We are not full-timers yet. But our time is coming for sure and the information that you and WI provide is really invaluable to all of those (hope we can speak on some of your behalf's) of us whom are either full timing or out for a 2 - 3 week holiday for that matter. Cheers to all of you (Wheelingit this means you too)!!!

However Ray, as a fellow Canadians ourselves, can you fill in some blanks about long term travel in the US? What scenario do you guys have and what are do you have to do for this type of adventure (obviously we are not after all sorts of personal info, just the basics)? What do you have to do prior to leaving Canada for the US? As far as mail goes, I'm sure you are direct deposit for bills etc., but what about tax filing, and other types of mail that don't get handled by DD? What is the maximum stay in the US? We hear lots of things and sometime the stories conflict, but we would rather hear from those that know and / or, who are actually going through it.

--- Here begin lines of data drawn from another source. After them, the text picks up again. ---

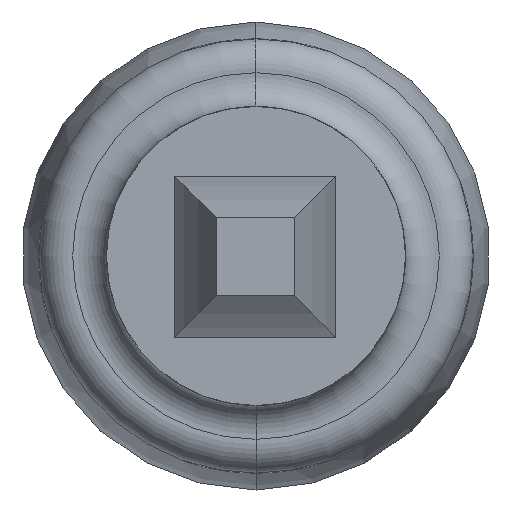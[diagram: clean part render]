
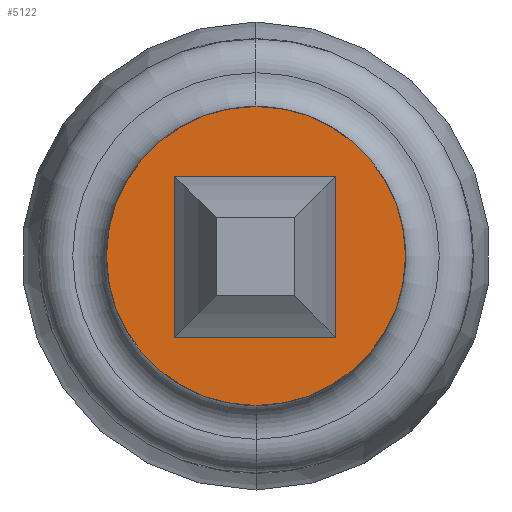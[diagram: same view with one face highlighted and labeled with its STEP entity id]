
A CAD part, front view. The second image highlights one B-rep face of the part: STEP entity #5122.
In plain terms, the highlighted planar face has unit normal (0, -1, 0).
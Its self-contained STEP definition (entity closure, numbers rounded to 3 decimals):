
#12 = VECTOR ( 'NONE', #2716, 1000. ) ;
#64 = CARTESIAN_POINT ( 'NONE',  ( 0., -30., 0.575 ) ) ;
#274 = VECTOR ( 'NONE', #4300, 1000. ) ;
#420 = EDGE_CURVE ( 'Defeature ausgef�hrt3_9+Defeature ausgef�hrt3_2+Defeature ausgef�hrt3_1+Defeature ausgef�hrt3_3', #4022, #4768, #1084, .T. ) ;
#429 = CARTESIAN_POINT ( 'NONE',  ( 0.575, -30., 0. ) ) ;
#556 = ORIENTED_EDGE ( 'NONE', *, *, #3703, .T. ) ;
#889 = CARTESIAN_POINT ( 'NONE',  ( -0.313, -30., -0.313 ) ) ;
#1084 = LINE ( 'NONE', #1089, #274 ) ;
#1089 = CARTESIAN_POINT ( 'NONE',  ( 0.307, -30., -0.313 ) ) ;
#1235 = CARTESIAN_POINT ( 'NONE',  ( 0., -30., 0. ) ) ;
#1418 = LINE ( 'NONE', #3242, #12 ) ;
#1483 = EDGE_CURVE ( 'Defeature ausgef�hrt3_9+Defeature ausgef�hrt3_1+Defeature ausgef�hrt3_0+Defeature ausgef�hrt3_2', #4520, #4022, #1418, .T. ) ;
#1779 = FACE_OUTER_BOUND ( 'NONE', #5208, .T. ) ;
#2695 = CIRCLE ( 'NONE', #6576, 0.575 ) ;
#2716 = DIRECTION ( 'NONE',  ( 1., 0., 0. ) ) ;
#2753 = DIRECTION ( 'NONE',  ( 0., 1., 0. ) ) ;
#2845 = CARTESIAN_POINT ( 'NONE',  ( 0., -30., 0. ) ) ;
#2854 = ORIENTED_EDGE ( 'NONE', *, *, #3494, .F. ) ;
#3097 = FACE_BOUND ( 'NONE', #6163, .T. ) ;
#3155 = AXIS2_PLACEMENT_3D ( 'NONE', #429, #5792, #5201 ) ;
#3242 = CARTESIAN_POINT ( 'NONE',  ( -0.313, -30., 0.307 ) ) ;
#3338 = ORIENTED_EDGE ( 'NONE', *, *, #6799, .T. ) ;
#3348 = DIRECTION ( 'NONE',  ( 0., 0., 1. ) ) ;
#3381 = DIRECTION ( 'NONE',  ( 0., 0., 1. ) ) ;
#3494 = EDGE_CURVE ( 'Defeature ausgef�hrt3_11+Defeature ausgef�hrt3_9+Defeature ausgef�hrt3_9+Defeature ausgef�hrt3_9', #4754, #3603, #2695, .T. ) ;
#3603 = VERTEX_POINT ( 'NONE', #6141 ) ;
#3667 = CARTESIAN_POINT ( 'NONE',  ( -0.313, -30., -0.313 ) ) ;
#3703 = EDGE_CURVE ( 'Defeature ausgef�hrt3_9+Defeature ausgef�hrt3_3+Defeature ausgef�hrt3_2+Defeature ausgef�hrt3_0', #4768, #3937, #4448, .T. ) ;
#3736 = LINE ( 'NONE', #889, #6503 ) ;
#3794 = CARTESIAN_POINT ( 'NONE',  ( 0.307, -30., 0.307 ) ) ;
#3937 = VERTEX_POINT ( 'NONE', #3667 ) ;
#4022 = VERTEX_POINT ( 'NONE', #3794 ) ;
#4132 = PLANE ( 'NONE',  #3155 ) ;
#4299 = CARTESIAN_POINT ( 'NONE',  ( 0.307, -30., -0.313 ) ) ;
#4300 = DIRECTION ( 'NONE',  ( 0., 0., -1. ) ) ;
#4398 = DIRECTION ( 'NONE',  ( 0., 1., 0. ) ) ;
#4448 = LINE ( 'NONE', #5057, #5511 ) ;
#4520 = VERTEX_POINT ( 'NONE', #5566 ) ;
#4624 = DIRECTION ( 'NONE',  ( 0., 0., 1. ) ) ;
#4754 = VERTEX_POINT ( 'NONE', #64 ) ;
#4768 = VERTEX_POINT ( 'NONE', #4299 ) ;
#5057 = CARTESIAN_POINT ( 'NONE',  ( -0.313, -30., -0.313 ) ) ;
#5122 = ADVANCED_FACE ( 'Defeature ausgef�hrt3_9', ( #1779, #3097 ), #4132, .F. ) ;
#5201 = DIRECTION ( 'NONE',  ( 0., 0., 1. ) ) ;
#5208 = EDGE_LOOP ( 'NONE', ( #2854, #5414 ) ) ;
#5250 = ORIENTED_EDGE ( 'NONE', *, *, #420, .T. ) ;
#5414 = ORIENTED_EDGE ( 'NONE', *, *, #6489, .F. ) ;
#5511 = VECTOR ( 'NONE', #5574, 1000. ) ;
#5566 = CARTESIAN_POINT ( 'NONE',  ( -0.313, -30., 0.307 ) ) ;
#5567 = CIRCLE ( 'NONE', #6385, 0.575 ) ;
#5574 = DIRECTION ( 'NONE',  ( -1., 0., 0. ) ) ;
#5792 = DIRECTION ( 'NONE',  ( 0., 1., 0. ) ) ;
#5894 = ORIENTED_EDGE ( 'NONE', *, *, #1483, .T. ) ;
#6141 = CARTESIAN_POINT ( 'NONE',  ( 0., -30., -0.575 ) ) ;
#6163 = EDGE_LOOP ( 'NONE', ( #556, #3338, #5894, #5250 ) ) ;
#6385 = AXIS2_PLACEMENT_3D ( 'NONE', #1235, #4398, #3348 ) ;
#6489 = EDGE_CURVE ( 'Defeature ausgef�hrt3_11+Defeature ausgef�hrt3_9+Defeature ausgef�hrt3_9+Defeature ausgef�hrt3_9', #3603, #4754, #5567, .T. ) ;
#6503 = VECTOR ( 'NONE', #4624, 1000. ) ;
#6576 = AXIS2_PLACEMENT_3D ( 'NONE', #2845, #2753, #3381 ) ;
#6799 = EDGE_CURVE ( 'Defeature ausgef�hrt3_9+Defeature ausgef�hrt3_0+Defeature ausgef�hrt3_3+Defeature ausgef�hrt3_1', #3937, #4520, #3736, .T. ) ;

It's Blogs like both of yours that really prompt us to get out and see North America (basically). Thanx a bunch and we look forward to any future posts that you both will have.

Happy travels,
Thanks! We started our adventures by selling our house and getting rid of a lot of our stuff. We took a year and traveled. Now we have transformed to Snowbirds.

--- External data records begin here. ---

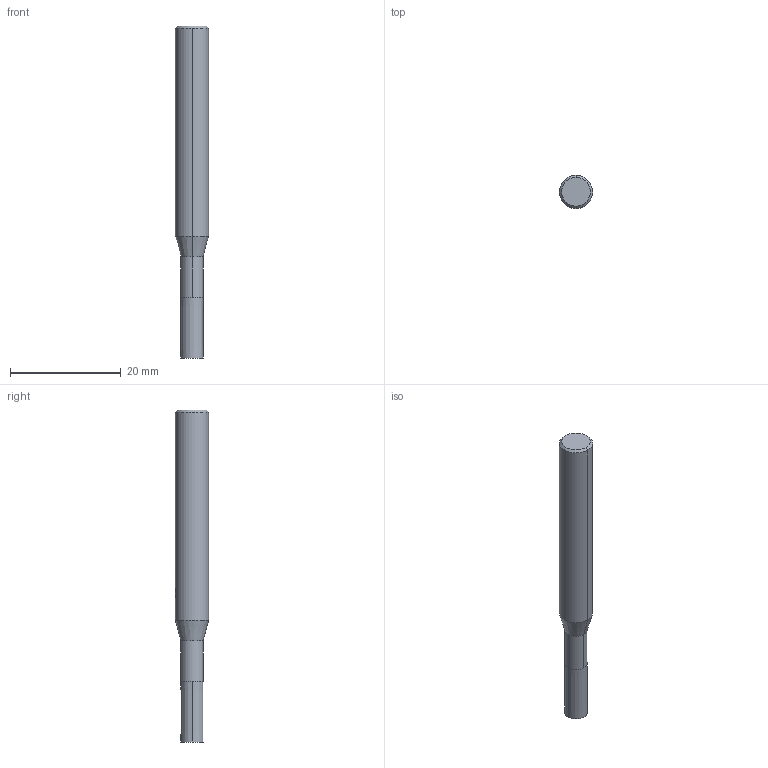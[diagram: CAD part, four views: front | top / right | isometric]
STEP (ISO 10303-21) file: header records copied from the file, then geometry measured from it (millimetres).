
FILE_DESCRIPTION(('no description'),'unknown implementation level');
FILE_NAME('solidJTUX6kgz3x0LrGZe_bBEGm0PUXA_1.STP',' ',('CIM GmbH Aachen'),('CADClick - KiM GmbH - www.kimweb.de'),'unknown preprocess','ACIS','unknown authorization');
FILE_SCHEMA(('automotive_design'));
Length unit declared in the file: millimetre
Products named in the file (2): 1; 2
Bounding box: 6 x 6 x 60 mm (x, y, z)
Volume: 1380.3 mm3; surface area: 1071.3 mm2
Topology: 2 solids, 2 shells, 29 faces, 67 edges, 42 vertices
Faces by surface type: cylinder 12, plane 9, cone 8
Entity records: 1844 total; most frequent: CARTESIAN_POINT 359, DIRECTION 143, STYLED_ITEM 140, PRESENTATION_STYLE_ASSIGNMENT 140, COLOUR_RGB 140, ORIENTED_EDGE 134, EDGE_CURVE 67, CURVE_STYLE 67

In BC if your in the province for 5 years you can apply for a 2 year travel period out of province and still keep your BC Medical coverage. We did that and purchased extra travel insurance from BCAA.

We also searched for and found insurance to cover us for personal liability, plus we have the normal truck insurance and trailer insurance.

Our mail goes to relatives places and we claim my wife's parents place as our residence. Taxes are done online along with everything else.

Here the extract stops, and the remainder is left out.